Objective: This study aimed to develop a model to identify the cause of stroke using machine learning (ML) methods and test its accuracy.

Methods: We retrospectively reviewed the data of patients who had determined etiology defined by the Trial of ORG 10172 in Acute Stroke Treatment (TOAST) from CASE-II (NCT04487340) to train and evaluate six ML models, namely, Random Forests (RF), Logistic Regression (LR), Extreme Gradient Boosting (XGBoost), K-Nearest Neighbor (KNN), Ada Boosting, Gradient Boosting Machine (GBM), for the detection of cardioembolism (CE), large-artery atherosclerosis (LAA), and small-artery occlusion (SAO). Between October 2016 and April 2020, patients were enrolled consecutively for algorithm development (phase one). Between June 2020 and December 2020, patients were enrolled consecutively in a test set for algorithm test (phase two). Area under the curve (AUC), precision, recall, accuracy, and F1 score were calculated for the prediction model.

Results: Finally, a total of 18,209 patients were enrolled in phase one, including 13,590 patients (i.e., 6,089 CE, 4,539 LAA, and 2,962 SAO) in the model, and a total of 3,688 patients were enrolled in phase two, including 3,070 patients (i.e., 1,103 CE, 1,269 LAA, and 698 SAO) in the model. Among the six models, the best models were RF, XGBoost, and GBM, and we chose the RF model as our final model. Based on the test set, the AUC values of the RF model to predict CE, LAA, and SAO were 0.981 (95%CI, 0.978-0.986), 0.919 (95%CI, 0.911-0.928), and 0.918 (95%CI, 0.908-0.927), respectively. The most important items to identify CE, LAA, and SAO were atrial fibrillation and degree of stenosis of intracranial arteries.

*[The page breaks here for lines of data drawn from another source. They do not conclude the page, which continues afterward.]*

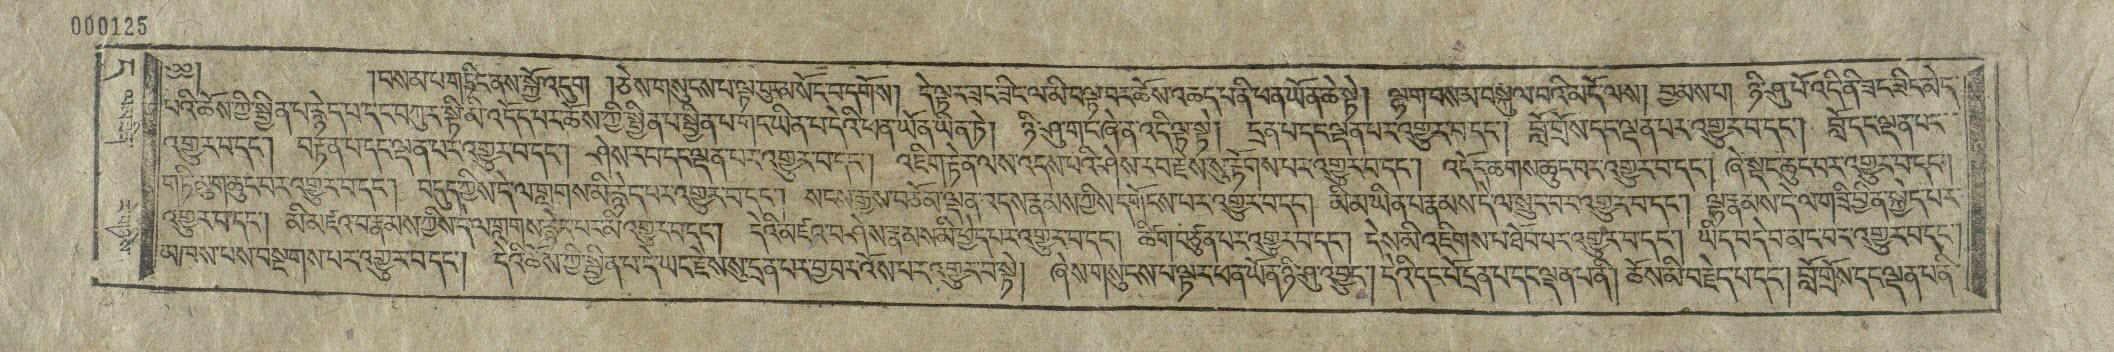༄༅། །བསམ་པ་གཏིང་ནས་སྐྱོ་འདུག །ཅེས་གསུངས་པ་ལྟ་བུར་མ་སོང་བ་དགོས། དེ་ལྟར་ཟང་ཟིང་ལ་མི་བལྟ་བར་ཆོས་འཆད་པ་ནི་ཕན་ཡོན་ཆེ་སྟེ། ལྷག་བསམ་བསྐུལ་བའི་མདོ་ལས། བྱམས་པ། ཉི་ཤུ་པོ་འདི་ནི་ཟང་ཟིང་མེད་
པའི་ཆོས་ཀྱི་སྦྱིན་པ་རྙེད་པ་དང་བཀུར་སྟི་མི་འདོད་པར་ཆོས་ཀྱི་སྦྱིན་པ་སྦྱིན་པ་གང་ཡིན་པ་དེའི་ཕན་ཡོན་ཡིན་ཏེ། ཉི་ཤུ་གང་ཞེ་ན་འདི་ལྟ་སྟེ། དྲན་པ་དང་ལྡན་པར་འགྱུར་བ་དང་། བློ་གྲོས་དང་ལྡན་པར་འགྱུར་བ་དང་། བློ་དང་ལྡན་པར་
འགྱུར་བ་དང་། བརྟན་པ་དང་ལྡན་པར་འགྱུར་བ་དང་། ཤེས་རབ་དང་ལྡན་པར་འགྱུར་བ་དང་། འཇིག་རྟེན་ལས་འདས་པའི་ཤེས་རབ་རྗེས་སུ་རྟོགས་པར་འགྱུར་བ་དང་། འདོད་ཆགས་ཆུང་བར་འགྱུར་བ་དང་། ཞེ་སྡང་ཆུང་བར་འགྱུར་བ་དང་།
གཏི་མུག་ཆུང་བར་འགྱུར་བ་དང་། བདུད་ཀྱིས་དེ་ལ་གླགས་མི་རྙེད་པར་འགྱུར་བ་དང་། སངས་རྒྱས་བཅོམ་ལྡན་འདས་རྣམས་ཀྱིས་དགོངས་པར་འགྱུར་བ་དང་། མི་མ་ཡིན་པ་རྣམས་དེ་ལ་སྲུང་བར་འགྱུར་བ་དང་། ལྷ་རྣམས་དེ་ལ་གཟི་བྱིན་སྐྱེད་པར་
འགྱུར་བ་དང་། མི་མཛའ་བ་རྣམས་ཀྱིས་དེ་ལ་གླགས་རྙེད་པར་མི་འགྱུར་བ་དང་། དེའི་མཛའ་བཤེས་རྣམས་མི་ཕྱེད་པར་འགྱུར་བ་དང་། ཚིག་བཙུན་པར་འགྱུར་བ་དང་། དེས་མི་འཇིགས་པ་ཐོབ་པར་འགྱུར་བ་དང་། ཡིད་བདེ་བ་མང་བར་འགྱུར་བ་དང་།
མཁས་པས་བསྔགས་པར་འགྱུར་བ་དང་། དེའི་ཆོས་ཀྱི་སྦྱིན་པ་དེ་ཡང་རྗེས་སུ་དྲན་པར་བྱ་བར་འོས་པར་འགྱུར་བ་སྟེ། ཞེས་གསུངས་པ་ལྟར་ཕན་ཡོན་ཉི་ཤུ་འབྱུང་། དེའི་དང་པོ་དྲན་པ་དང་ལྡན་པ་ནི། ཆོས་མི་བརྗེད་པ་དང་། བློ་གྲོས་དང་ལྡན་པ་ནི་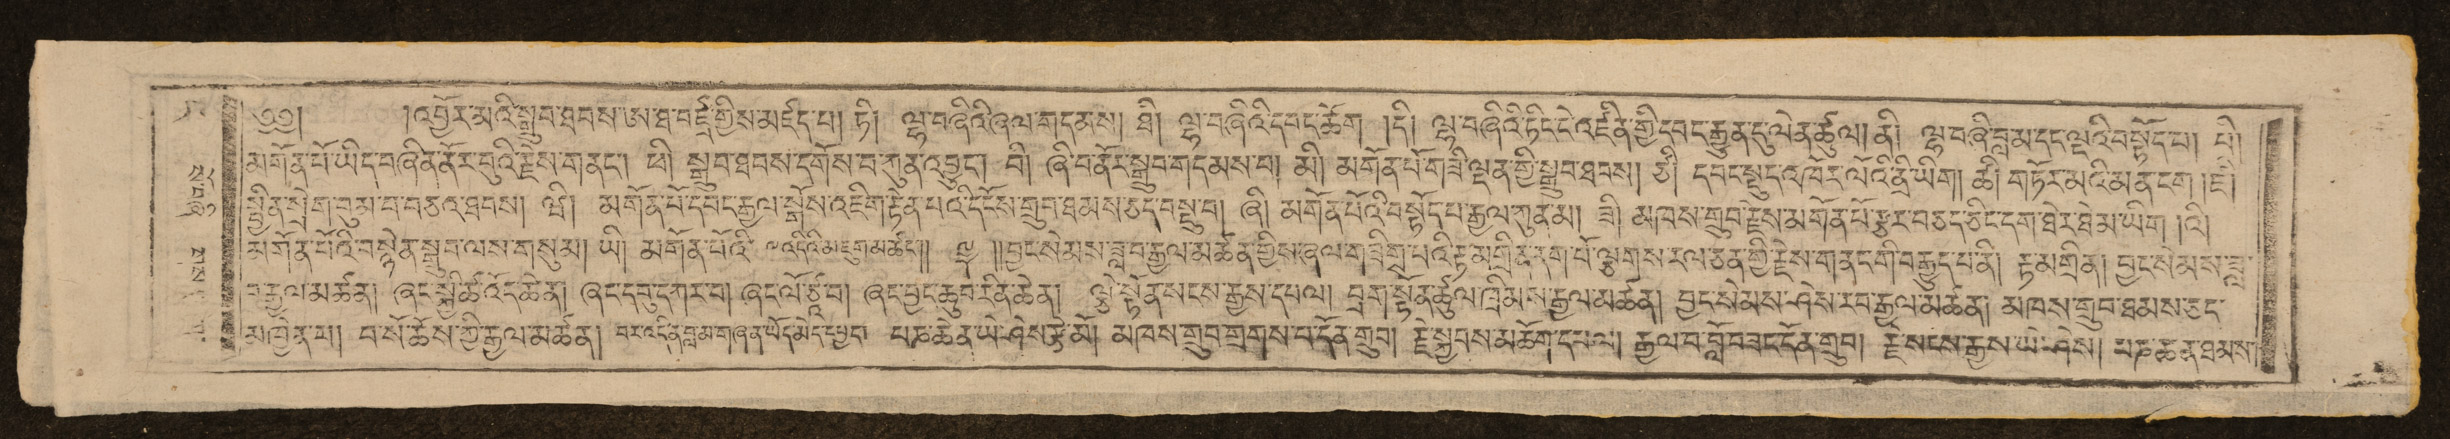༄༅། །འབྱོར་མའི་སྒྲུབ་ཐབས་ཨ་ཐ་བཛྲ་གྱིས་མཛད་པ། ཏི། ལྷ་བཞིའི་ཞལ་གདམས། ཐི། ལྷ་བཞིའི་དབང་ཆོག །དི། ལྷ་བཞིའི་ཏིང་ངེ་འཛིན་གྱི་དབང་རྒྱུན་དུ་ལེན་ཚུལ། ནི། ལྷ་བཞི་བླ་མ་དང་ལྔའི་བསྟོད་པ། པི།
མགོན་པོ་ཡིད་བཞིན་ནོར་བུའི་རྗེས་གནང་། ཕི། སྒྲུབ་ཐབས་དགོས་བ་ཀུན་འབྱུང་། བི། ཞི་བ་ནོར་སྒྲུབ་གདམས་པ། མི། མགོན་པོ་གཟི་ལྡན་གྱི་སྒྲུབ་ཐབས། ཙི། དབང་སྡུད་འཁོར་ལོའི་ནྲི་ཡིག། ཚི། གཏོར་མའི་མན་ངག །ཛི།
སྦྱིན་སྲེག་བུམ་པ་བཅའ་ཐབས། ཝི། མགོན་པོ་དབང་རྒྱལ་སྒོས་འཇིག་རྟེན་པའི་དངོས་གྲུབ་ཐམས་ཅད་བསྡུ་བ། ཞི། མགོན་པོའི་བསྟོད་པ་རྒྱལ་ཀུན་མ། ཟི། མཁས་གྲུབ་རྗེས་མགོན་པོ་རྩར་བཅད་ཅིང་དག་ཐེར་ཐེམ་ཡིག །འི།
མགོན་པོའི་བསྙེན་སྒྲུབ་ལས་གསུམ། ཡི། མགོན་པོའི་འདིའི་མཇུག་མཚང།། ༈།།བྱང་སེམས་ཟླ་བ་རྒྱལ་མཚན་གྱིས་ཞལ་གཟིགས་པའི་རྟ་མགྲིན་ནག་པོ་ལྕགས་རལ་ཅན་གྱི་རྗེས་གནང་གི་བརྒྱུད་པ་ནི། རྟ་མགྲིན། བྱང་སེམས་ཟླ་
བ་རྒྱལ་མཚན། ཞང་སྐྱི་ཚ་འོད་ཆེ་ན། ཞང་དབུ་དཀར་བ། ཞང་ལོ་ཙཱ་བ། ཞང་བྱང་ཆུབ་རིན་ཆེན། ལྕེ་སྟོན་སངས་རྒྱས་དཔལ། བྲག་སྟོན་ཚུལ་ཁྲིམས་རྒྱལ་མཚན། བྱང་སེམས་ཤེས་རབ་རྒྱལ་མཚན། མཁས་གྲུབ་ཐམས་ཅད་
མཁྱེན་པ། བ་སོ་ཆོས་ཀྱི་རྒྱལ་མཚན། བར་འདི་ན་བླ་མ་གཞན་ཡོད་མེད་དཔྱད། པཎ་ཆེན་ཡེ་ཤེས་རྩེ་མོ། མཁས་གྲུབ་གྲགས་པ་དོན་གྲུབ། རྗེ་སྐྱབས་མཆོག་དཔལ། རྒྱལ་བཟློ་བཟང་དོན་གྲུབ། རྗེ་སངས་རྒྱས་ཡེ་ཤེས། པཎ་ཆན་ཐམས་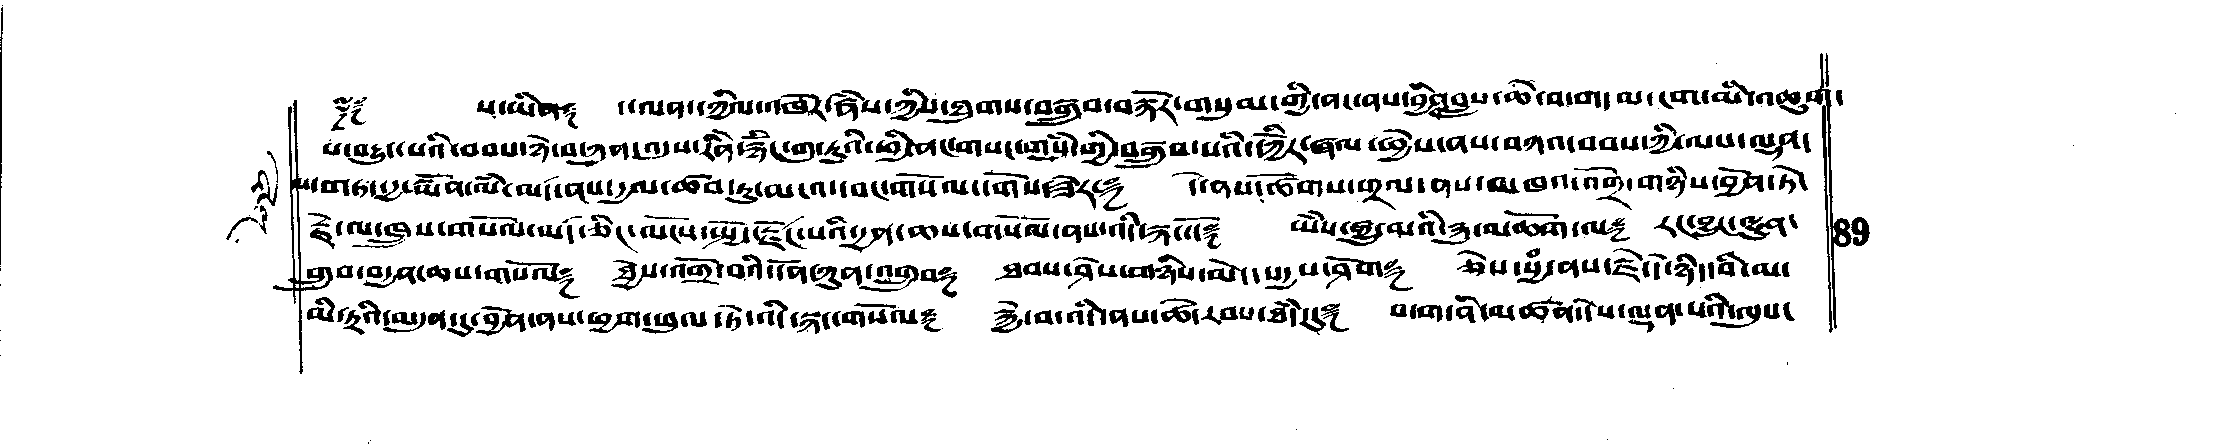པ་ཡིན། ད་ལན་དཀྱིལ་འཁོར་རྣམས་ཀྱིས་ཐུགས་སྒྲུབ་སྐོར་གསུམ་གྱི་ནང་ནས་བྱིན་རླབས་ཆེ་བ་གདམ་ངག་མི་འཆུག་
པ་བརྒྱུད་པའི་བབ་ཉེ་བ་ཀུན་འདུས་རིན་ཆེན་སྙིང་པོ་གུ་རུའི་ཕྱི་ནང་གསང་གསུམ་གྱི་སྒྲུབ་པའི་དཀྱིལ་འཁོར་ཞལ་ཕྱེས་ནས་བཀའ་བབས་ཀྱི་ལས་ལྡན་
ལ་གཏད་རྒྱ་སྨོན་ལམ་མཛད་ནས་རྒྱལ་ཚབ་ཏུ་མངའ་དབང་གསོལ་དགོས་ཟེར།དེ་ནས་ཚོགས་གྲལ་ནས་མཁའ་འགྲོ་གཉིས་བྱོན་ཏེ་
རྗེ་ལ་ཁྲུས་གསོལ་མཛད་ཅིང་ལོངས་སྤྱོད་རྫོགས་པའི་རྒྱན་ཆས་གསོལ་ནས་འདི་སྐད་དོ། ཡེ་ཤེས་སྒྱུ་མའི་སྐུ་མཆོག་ལ། །རང་འབྱུང་ལྷུན་
གྲུབ་བརྒྱན་ཆས་གསོལ། །ཐུགས་རྗེས་འགྲོ་བའི་དོན་ཀུན་འགྲུབ། །ཐབས་ཤེས་གཉིས་མེད་སངས་རྒྱས་ཤོག །ཅེས་གསུངས་ནས་རྗེ་དེ་ཉིད་བི་མ་
མི་ཏྲའི་མདུན་དུ་བྱོན་ནས་ཕྱག་ཕུལ་ཏེ་འདི་སྐད་གསོལ། སྐྱེ་བ་འདི་ནས་ཚེ་རབས་ཐམས་ཅད་དུ། །བདག་ནི་མཚན་དཔེ་ལྡན་པའི་ལུས་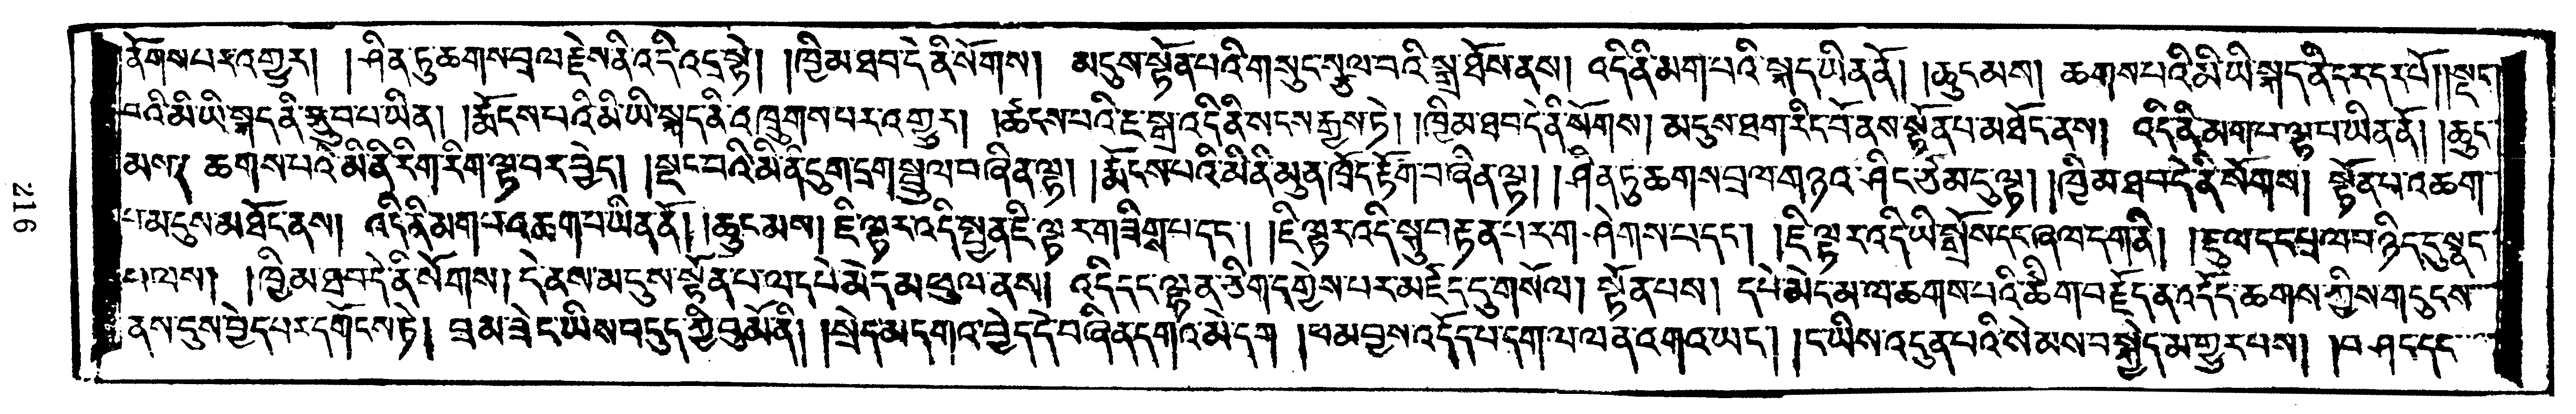ནོགས་པར་འགྱུར། །ཤིན་ཏུ་ཆགས་བྲལ་རྗེས་ནི་འདི་འདྲ་སྟེ། །ཁྱིམ་ཐབ་དེ་ནི་སོགས། མདུས་སྟོན་པའི་གསུང་སྩལ་བའི་སྒྲ་ཐོས་ནས། འདི་ནི་མག་པའི་སྐད་ཡིན་ནོ། །ཆུང་མས། ཆགས་པའི་མི་ཡི་སྐད་ནི་ངར་དར་པོ། །སྡང་
བའི་མི་ཡི་སྐད་ནི་རྩུབ་པ་ཡིན། །རྨོངས་པའི་མི་ཡི་སྐད་ནི་འཁྲུགས་པར་འགྱུར། །ཚངས་པའི་རྔ་སྒྲ་འདི་ནི་སངས་རྒྱས་ཏེ། །ཁྱིམ་ཐབ་དེ་ནི་སོགས། མདུས་ཐག་རིང་བོ་ནས་སྟོན་པ་མཐོང་ནས། འདི་ནི་མག་པ་ལྟ་པ་ཡིན་ནོ། །ཆུང་
མས༑ ཆགས་པའི་མི་ནི་རིག་རིག་ལྟ་བར་བྱེད། །སྡང་བའི་མི་ནི་དུག་དྲག་སྦྲུལ་བཞིན་ལྟ། །རྨོངས་པའི་མི་ནི་མུན་ཁྲོད་རྟོག་བཞིན་ལྟ། །ཤིན་ཏུ་ཆགས་བྲལ་གཉའ་ཤིང་ཙམ་དུ་ལྟ། །ཁྱིམ་ཐབ་དེ་ནི་སོགས། སྟོན་པ་འཆག་
པ་མ་དུས་མཐོང་ནས། འདི་ནི་མག་པ་འཆག་པ་ཡིན་ནོ། །ཆུང་མས། ཇི་ལྟར་འདི་སྤྱན་ཇི་ལྟར་གཟིགས་པ་དང་། །ཇི་ལྟར་འདི་སྐུ་བརྟན་པར་གཤེགས་པ་དང་། །ཇི་ལྟར་འདི་ཡི་སྒྲོས་དང་ཞལ་དག་ནི། །རྡུལ་དང་པྲལ་བ་ཉིད་དུ་སྣང་
པ་ལས། །ཁྱིམ་ཐབ་དེ་ནི་སོགས། དེ་ནས་མ་དུས་སྟོན་པ་ལ་དཔེ་མེད་མ་ཕུལ་ནས། འདི་དང་ལྷན་ཅིག་དགྱེས་པར་མཛད་དུ་གསོལ། སྟོན་པས། དཔེ་མེད་མ་ལ་ཆགས་པའི་ཚིག་བརྗོད་ན་འདོད་ཆགས་ཀྱིས་གདུངས་
ནས་དུས་བྱེད་པར་དགོངས་ཏེ། བྲམ་ཟེ་ང་ཡིས་བདུད་ཀྱི་བུ་མོ་ནི། །སྲེད་མ་དགའ་བྱེད་དེ་བཞིན་དགའ་མེ་དག །ཕམ་བྱས་འདོད་པ་དག་ལ་ལན་འགའ་ཡང་། །ང་ཡིས་འདུན་པའི་སེམས་བསྐྱེད་མ་གྱུར་པས། །བཤད་དང་

Conclusion: The proposed RF model could be a useful diagnostic tool to help neurologists categorize etiologies of stroke.

Clinical trial registration: [www.ClinicalTrials.gov], identifier [NCT01274117].

Keywords: cardioembolism; large-artery atherosclerosis; machine learning; small-artery occlusion; stroke.

Conflict of interest statement

The authors declare that the research was conducted in the absence of any commercial or financial relationships that could be construed as a potential conflict of interest.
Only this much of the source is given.